#### Records to process
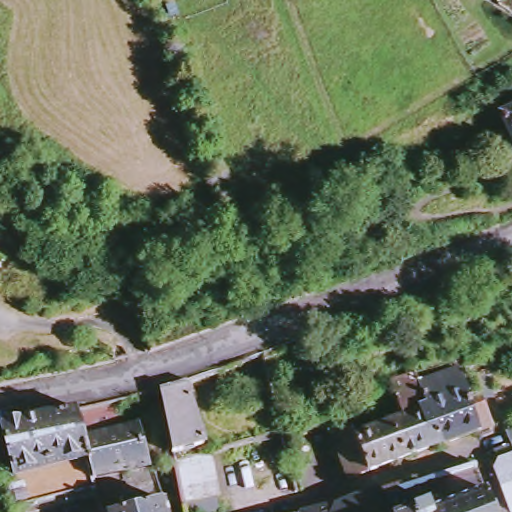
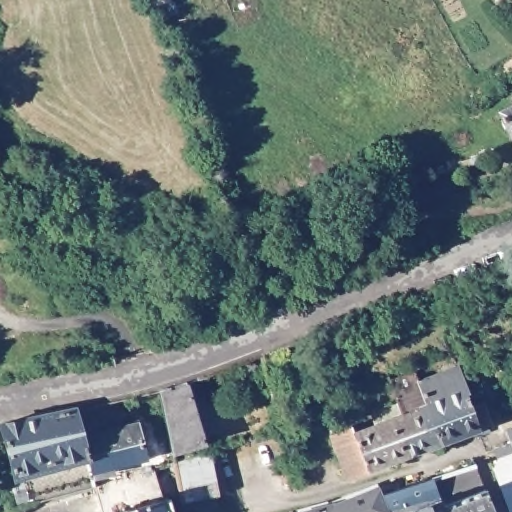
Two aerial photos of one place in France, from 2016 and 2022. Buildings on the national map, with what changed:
unchanged [(495,116),(512,109),(512,151),(510,152),(495,116)]
unchanged [(489,431),(479,435),(404,462),(388,421),(425,407),(420,395),(433,391),(432,385),(457,375),(459,382),(467,401),(467,405),(480,405),(489,431)]
unchanged [(495,398),(485,401),(480,403),(479,400),(473,385),(472,382),(486,376),(488,381),(495,398)]
unchanged [(207,450),(177,460),(161,396),(191,387),(207,450)]
unchanged [(179,470),(211,460),(220,500),(222,512),(189,512),(188,507),(185,495),(172,498),(177,512),(105,512),(100,492),(80,415),(161,396),(177,460),(179,470)]
unchanged [(22,512),(11,512),(0,461),(0,431),(80,415),(100,492),(22,512)]
unchanged [(404,462),(368,475),(353,434),(388,421),(404,462)]
unchanged [(368,475),(347,483),(331,442),(353,434),(368,475)]
unchanged [(512,436),(512,440),(510,436),(512,436)]
unchanged [(500,468),(507,465),(503,455),(510,452),(512,451),(512,498),(502,471),(500,468)]
unchanged [(478,468),(497,512),(394,512),(387,496),(478,468)]
unchanged [(386,495),(387,496),(394,512),(329,512),(340,509),(384,491),(386,495)]

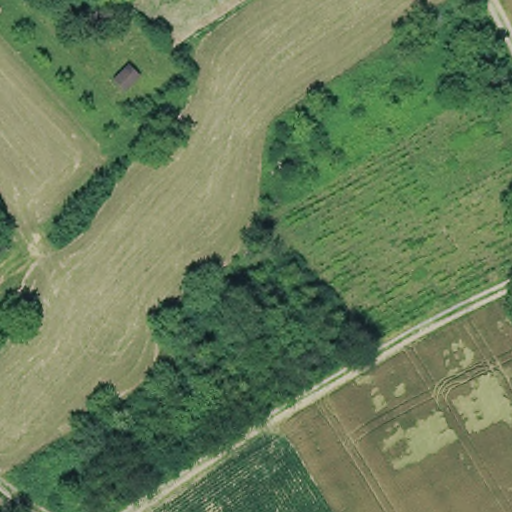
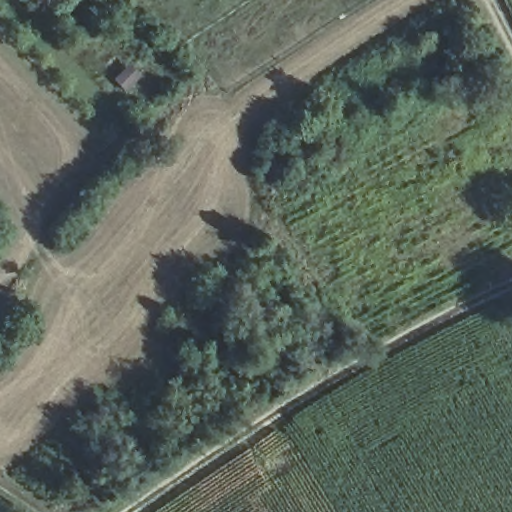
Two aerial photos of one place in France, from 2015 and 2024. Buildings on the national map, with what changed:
unchanged [(128,93),(90,53),(102,42),(140,83),(128,93)]

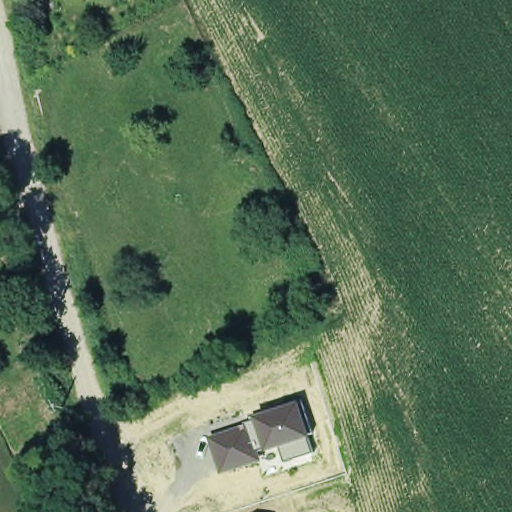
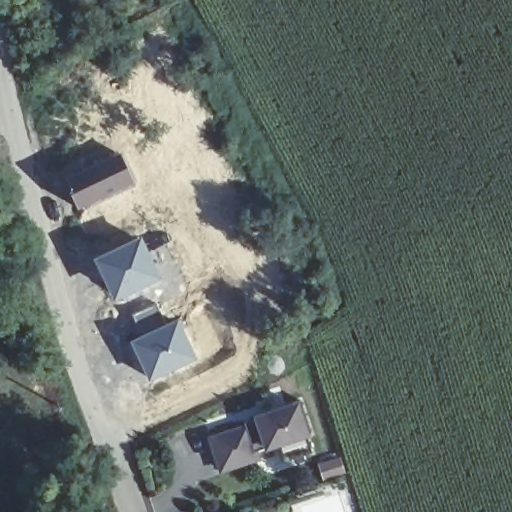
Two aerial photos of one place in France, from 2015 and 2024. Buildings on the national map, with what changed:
new [(120,154),(132,183),(77,208),(65,178),(120,154)]
new [(141,235),(162,279),(114,301),(92,258),(141,235)]
new [(177,317),(197,358),(148,381),(128,340),(177,317)]
unchanged [(283,461),(279,447),(265,451),(264,447),(256,450),(260,459),(219,472),(207,437),(249,421),(248,417),(258,414),(298,401),(309,437),(306,438),(311,453),(283,461)]

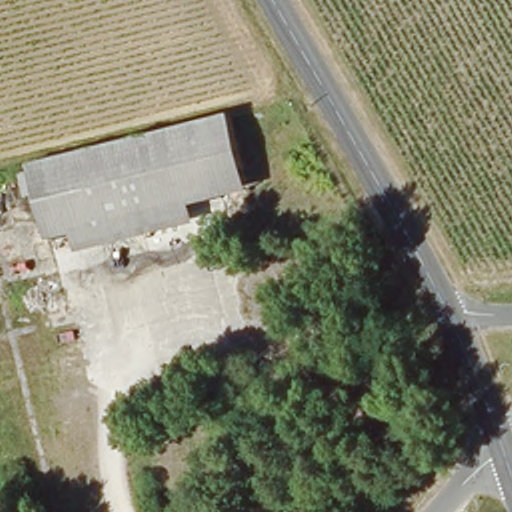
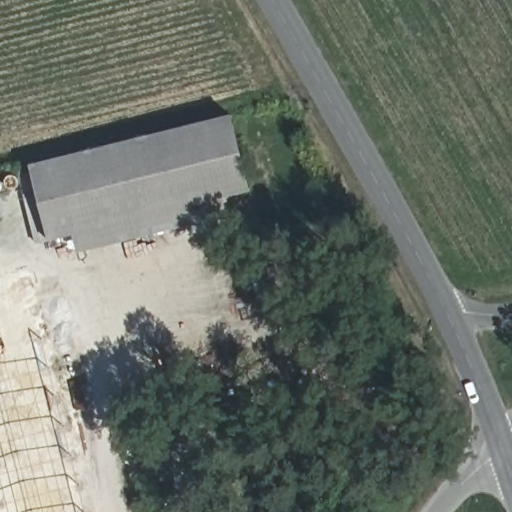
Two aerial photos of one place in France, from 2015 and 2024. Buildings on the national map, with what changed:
unchanged [(189,206),(194,225),(80,252),(76,234),(47,241),(31,165),(232,117),(250,190),(189,206)]

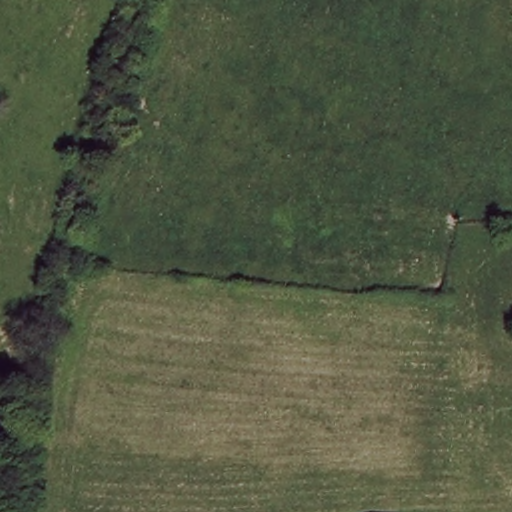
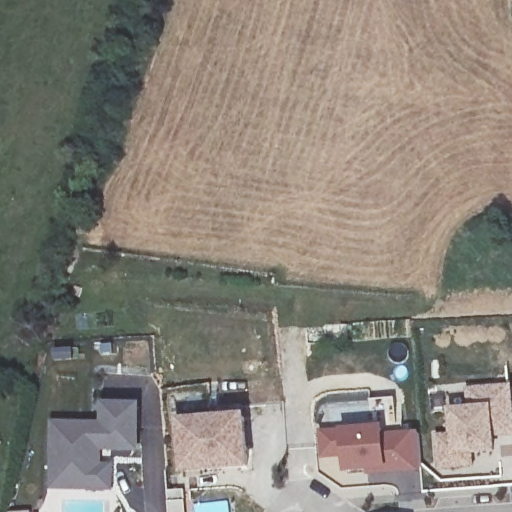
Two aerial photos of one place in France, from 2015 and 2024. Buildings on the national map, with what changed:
new [(449,409),(468,408),(468,389),(512,387),(512,439),(497,441),(497,456),(475,456),(476,469),(441,472),(437,436),(452,437),(449,409)]
new [(141,404),(139,452),(102,451),(102,466),(113,466),(113,492),(49,491),(52,421),(100,422),(101,402),(141,404)]
new [(239,420),(242,475),(166,479),(165,424),(239,420)]
new [(378,427),(378,436),(415,437),(415,475),(331,475),(332,460),(316,460),(315,427),(378,427)]

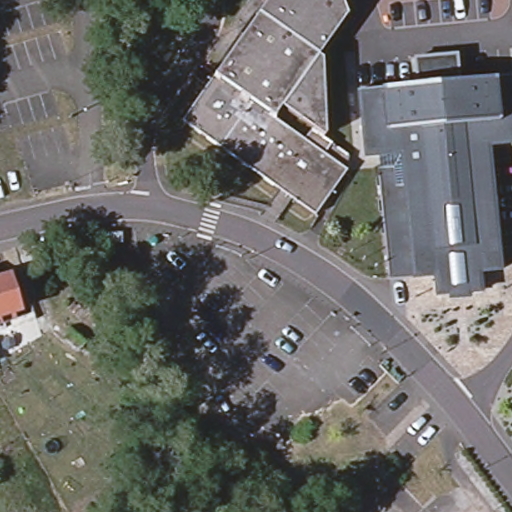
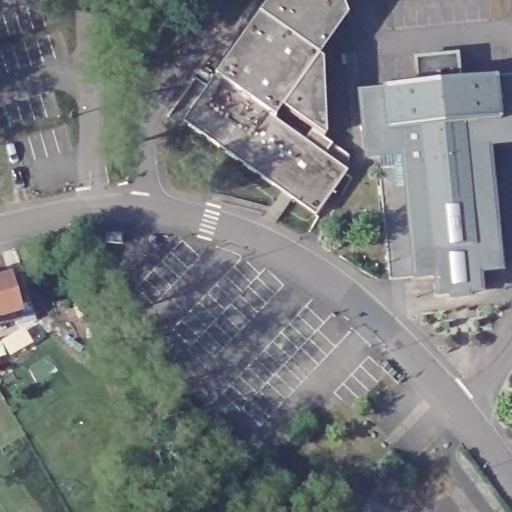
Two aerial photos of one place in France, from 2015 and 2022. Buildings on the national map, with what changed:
unchanged [(316,215),(257,173),(244,164),(217,145),(204,136),(183,121),(208,86),(211,81),(216,76),(270,0),(344,0),(350,17),(318,55),(324,60),(327,136),(349,158),(344,165),(348,170),(316,215)]
unchanged [(392,279),(380,156),(365,156),(360,90),(382,89),(417,83),(415,59),(463,55),(466,81),(497,77),(512,75),(512,141),(490,144),(502,268),(481,271),(483,290),(438,295),(436,275),(413,277),(392,279)]
unchanged [(122,234),(122,244),(104,244),(104,234),(122,234)]
unchanged [(14,308),(15,314),(0,318),(0,274),(11,271),(21,306),(14,308)]

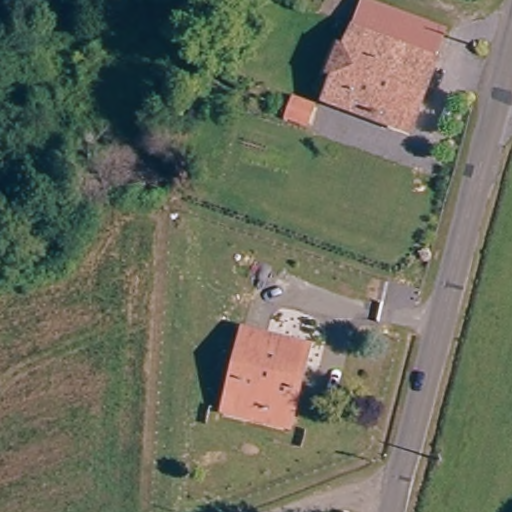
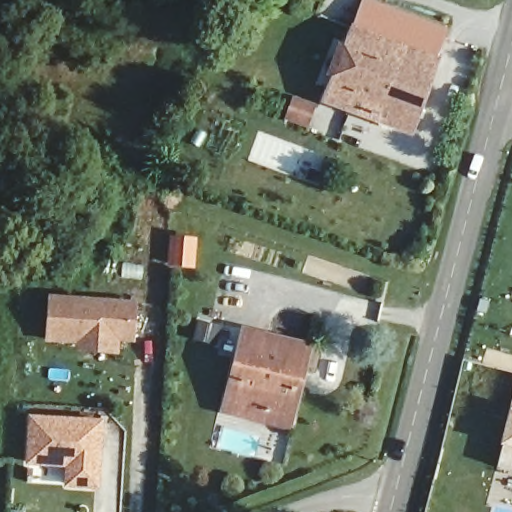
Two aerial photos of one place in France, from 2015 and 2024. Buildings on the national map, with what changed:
unchanged [(412,130),(332,102),(336,90),(326,73),(334,48),(351,40),(363,1),(443,30),(412,130)]
unchanged [(312,128),(284,120),(293,94),(319,103),(312,128)]
new [(121,343),(120,356),(77,353),(77,345),(47,343),(50,298),(139,303),(137,344),(121,343)]
unchanged [(256,418),(225,410),(240,349),(246,326),(270,331),(309,341),(291,416),(288,426),(256,418)]
new [(500,446),(510,410),(512,402),(512,468),(496,464),(500,446)]
new [(64,488),(66,469),(27,466),(29,417),(105,421),(101,489),(64,488)]

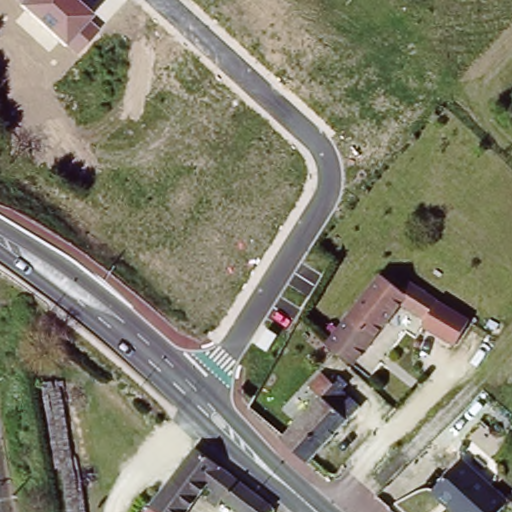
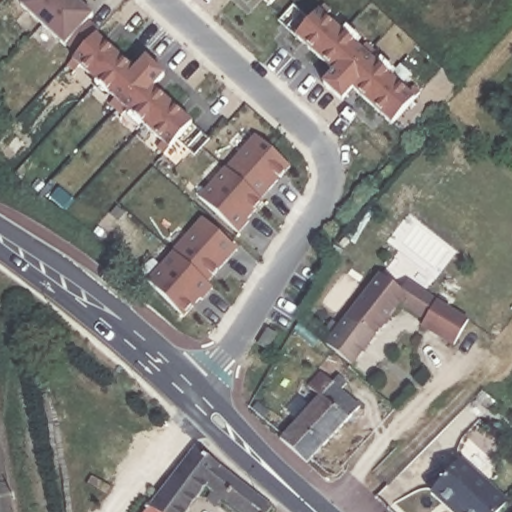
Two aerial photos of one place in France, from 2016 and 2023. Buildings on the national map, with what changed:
unchanged [(89,21),(99,30),(78,56),(65,45),(16,0),(78,0),(94,15),(89,21)]
new [(262,0),(275,0),(269,7),(262,0)]
new [(392,127),(353,90),(342,101),(321,84),(331,71),(295,38),(319,10),(416,99),(392,127)]
new [(171,151),(73,60),(78,56),(98,32),(133,68),(146,56),(166,76),(153,89),(194,124),(171,151)]
new [(263,200),(264,202),(248,219),(251,222),(240,234),(198,198),(224,167),(226,168),(256,134),(292,168),(263,200)]
new [(209,284),(214,288),(201,302),(199,300),(183,317),(146,281),(203,218),(239,250),(209,284)]
unchanged [(331,344),(352,316),(354,316),(385,276),(406,291),(414,283),(439,298),(436,303),(468,322),(453,345),(422,326),(427,317),(406,304),(359,365),(344,354),(331,344)]
unchanged [(294,431),(319,402),(308,392),(321,378),(333,389),(339,382),(347,389),(342,395),(359,411),(319,453),(301,473),(274,450),(294,431)]
unchanged [(221,500),(217,506),(207,498),(211,493),(206,488),(187,512),(144,512),(186,458),(194,447),(269,505),(272,507),(268,512),(238,512),(221,500)]
unchanged [(432,494),(460,464),(507,507),(503,512),(451,512),(432,494)]

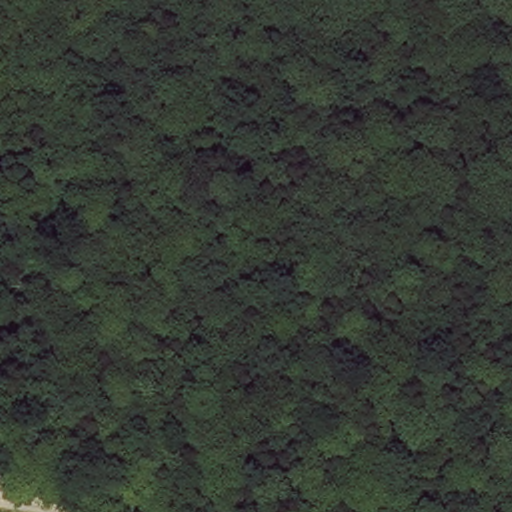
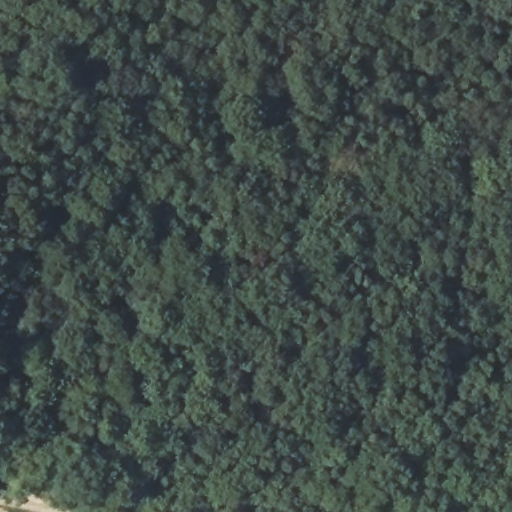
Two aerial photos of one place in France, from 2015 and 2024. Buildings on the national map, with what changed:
########
§ **Task details**
Without carrying over any picture, retype the records above word for word.

§ **Exercise output**
Two aerial photos of one place in France, from 2016 and 2022. Buildings on the national map, with what changed:
unchanged [(495,116),(512,109),(512,151),(510,152),(495,116)]
unchanged [(489,431),(479,435),(404,462),(388,421),(425,407),(420,395),(433,391),(432,385),(457,375),(459,382),(467,401),(467,405),(480,405),(489,431)]
unchanged [(495,398),(485,401),(480,403),(479,400),(473,385),(472,382),(486,376),(488,381),(495,398)]
unchanged [(207,450),(177,460),(161,396),(191,387),(207,450)]
unchanged [(179,470),(211,460),(220,500),(222,512),(189,512),(188,507),(185,495),(172,498),(177,512),(105,512),(100,492),(80,415),(161,396),(177,460),(179,470)]
unchanged [(22,512),(11,512),(0,461),(0,431),(80,415),(100,492),(22,512)]
unchanged [(404,462),(368,475),(353,434),(388,421),(404,462)]
unchanged [(368,475),(347,483),(331,442),(353,434),(368,475)]
unchanged [(512,436),(512,440),(510,436),(512,436)]
unchanged [(500,468),(507,465),(503,455),(510,452),(512,451),(512,498),(502,471),(500,468)]
unchanged [(478,468),(497,512),(394,512),(387,496),(478,468)]
unchanged [(386,495),(387,496),(394,512),(329,512),(340,509),(384,491),(386,495)]

Two aerial photos of one place in France, from 2015 and 2024. Buildings on the national map, with what changed:
unchanged [(128,93),(90,53),(102,42),(140,83),(128,93)]

Two aerial photos of one place in France, from 2015 and 2024. Buildings on the national map, with what changed:
new [(120,154),(132,183),(77,208),(65,178),(120,154)]
new [(141,235),(162,279),(114,301),(92,258),(141,235)]
new [(177,317),(197,358),(148,381),(128,340),(177,317)]
unchanged [(283,461),(279,447),(265,451),(264,447),(256,450),(260,459),(219,472),(207,437),(249,421),(248,417),(258,414),(298,401),(309,437),(306,438),(311,453),(283,461)]

Two aerial photos of one place in France, from 2015 and 2024. Buildings on the national map, with what changed:
unchanged [(189,206),(194,225),(80,252),(76,234),(47,241),(31,165),(232,117),(250,190),(189,206)]

Two aerial photos of one place in France, from 2015 and 2024. Buildings on the national map, with what changed:
new [(449,409),(468,408),(468,389),(512,387),(512,439),(497,441),(497,456),(475,456),(476,469),(441,472),(437,436),(452,437),(449,409)]
new [(141,404),(139,452),(102,451),(102,466),(113,466),(113,492),(49,491),(52,421),(100,422),(101,402),(141,404)]
new [(239,420),(242,475),(166,479),(165,424),(239,420)]
new [(378,427),(378,436),(415,437),(415,475),(331,475),(332,460),(316,460),(315,427),(378,427)]

Two aerial photos of one place in France, from 2015 and 2022. Buildings on the national map, with what changed:
unchanged [(316,215),(257,173),(244,164),(217,145),(204,136),(183,121),(208,86),(211,81),(216,76),(270,0),(344,0),(350,17),(318,55),(324,60),(327,136),(349,158),(344,165),(348,170),(316,215)]
unchanged [(392,279),(380,156),(365,156),(360,90),(382,89),(417,83),(415,59),(463,55),(466,81),(497,77),(512,75),(512,141),(490,144),(502,268),(481,271),(483,290),(438,295),(436,275),(413,277),(392,279)]
unchanged [(122,234),(122,244),(104,244),(104,234),(122,234)]
unchanged [(14,308),(15,314),(0,318),(0,274),(11,271),(21,306),(14,308)]

Two aerial photos of one place in France, from 2015 and 2024. Buildings on the national map, with what changed:
unchanged [(412,130),(332,102),(336,90),(326,73),(334,48),(351,40),(363,1),(443,30),(412,130)]
unchanged [(312,128),(284,120),(293,94),(319,103),(312,128)]
new [(121,343),(120,356),(77,353),(77,345),(47,343),(50,298),(139,303),(137,344),(121,343)]
unchanged [(256,418),(225,410),(240,349),(246,326),(270,331),(309,341),(291,416),(288,426),(256,418)]
new [(500,446),(510,410),(512,402),(512,468),(496,464),(500,446)]
new [(64,488),(66,469),(27,466),(29,417),(105,421),(101,489),(64,488)]

Two aerial photos of one place in France, from 2016 and 2023. Buildings on the national map, with what changed:
unchanged [(89,21),(99,30),(78,56),(65,45),(16,0),(78,0),(94,15),(89,21)]
new [(262,0),(275,0),(269,7),(262,0)]
new [(392,127),(353,90),(342,101),(321,84),(331,71),(295,38),(319,10),(416,99),(392,127)]
new [(171,151),(73,60),(78,56),(98,32),(133,68),(146,56),(166,76),(153,89),(194,124),(171,151)]
new [(263,200),(264,202),(248,219),(251,222),(240,234),(198,198),(224,167),(226,168),(256,134),(292,168),(263,200)]
new [(209,284),(214,288),(201,302),(199,300),(183,317),(146,281),(203,218),(239,250),(209,284)]
unchanged [(331,344),(352,316),(354,316),(385,276),(406,291),(414,283),(439,298),(436,303),(468,322),(453,345),(422,326),(427,317),(406,304),(359,365),(344,354),(331,344)]
unchanged [(294,431),(319,402),(308,392),(321,378),(333,389),(339,382),(347,389),(342,395),(359,411),(319,453),(301,473),(274,450),(294,431)]
unchanged [(221,500),(217,506),(207,498),(211,493),(206,488),(187,512),(144,512),(186,458),(194,447),(269,505),(272,507),(268,512),(238,512),(221,500)]
unchanged [(432,494),(460,464),(507,507),(503,512),(451,512),(432,494)]

Two aerial photos of one place in France, from 2015 and 2024. Buildings on the national map, with what changed:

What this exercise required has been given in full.